Dans une requête adressée le 14 octobre au tribunal de Grasse (Alpes-Maritimes), les parents ont expliqué avoir dans leurs familles respectives des antécédents médicaux, notamment des cas de cancers du pancréas et du foie. Ils ont alors demandé de pouvoir congeler le cordon de leur futur bébé. Dans l'ordonnance judiciaire datée du 21 novembre, la vice-présidente du tribunal de Grasse affirme que "les parents peuvent conserver les cellules du sang du cordon et du placenta au regard des nécessités thérapeutiques dûment justifiées". Riche en cellules souches, le sang du cordon ombilical permet en effet de soigner certaines maladies. Celui-ci pourrait ainsi être éventuellement utilisé si l'enfant venait à développer une maladie grave. Le sang du cordon et du placenta sera prélevé à la naissance du bébé et envoyé à une banque de conservation anglaise qui le congèlera et le stockera durant 25 ans maximum.

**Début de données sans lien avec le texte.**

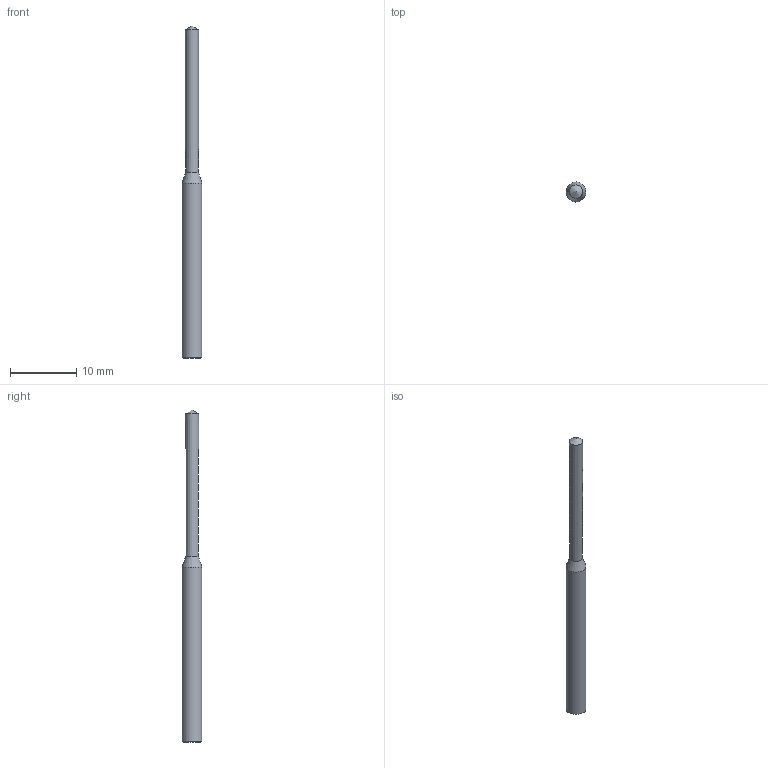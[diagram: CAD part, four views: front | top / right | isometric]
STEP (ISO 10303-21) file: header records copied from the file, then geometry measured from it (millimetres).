
FILE_DESCRIPTION(/* description */ (''),/* implementation_level */ '2;1');
FILE_NAME(/* name */ 'tb_20210315_123241_as_1.stp',/* time_stamp */ '2021-03-15T12:35:13+01:00',/* author */ (''),/* organization */ ('SMS'),/* preprocessor_version */ 'ST-DEVELOPER v16.7',/* originating_system */ 'SIEMENS PLM Software NX 12.0',/* authorisation */ '');
FILE_SCHEMA (('AUTOMOTIVE_DESIGN { 1 0 10303 214 3 1 1 1 }'));
Length unit declared in the file: millimetre
Products named in the file (1): TB_20210315_123241_AS_1
Bounding box: 3 x 3 x 50 mm (x, y, z)
Volume: 260.5 mm3; surface area: 404.7 mm2
Topology: 1 solids, 1 shells, 6 faces, 35 edges, 54 vertices
Faces by surface type: cone 4, plane 1, cylinder 1
Full cylindrical faces by diameter (mm): 3 x1
Entity records: 363 total; most frequent: DIRECTION 47, CARTESIAN_POINT 42, STYLED_ITEM 25, PRESENTATION_STYLE_ASSIGNMENT 25, CURVE_STYLE 23, DRAUGHTING_PRE_DEFINED_CURVE_FONT 23, TRIMMED_CURVE 23, LINE 23

Un vide juridique. En France, la loi ne dit pas à qui appartient le cordon ombilical. Il est ainsi possible de faire un don de sang de cordon, mais la conservation à des fins privées est interdite. En effet, "les cellules hématopoïétiques (ou cellules souches, ndlr) du cordon peuvent être prélevées dans un cercle familial, si un frère ou une sœur souffre par exemple d'une leucémie, mais jamais pour soi-même", a rappelé le responsable des greffes au CHU de Lille, le professeur Ibrahim Yakoub-Agha, au Parisien. "Le cordon est à nous, je ne vole rien, c'est quand même nos cellules", a assuré la future maman à RTL. Mais le milieu médical est sceptique. Le Pr Yakoub-Agha estime par exemple que "si cette décision fait jurisprudence, cela pourrait devenir inquiétant. On verra se développer des démarches plus commerciales que médicales".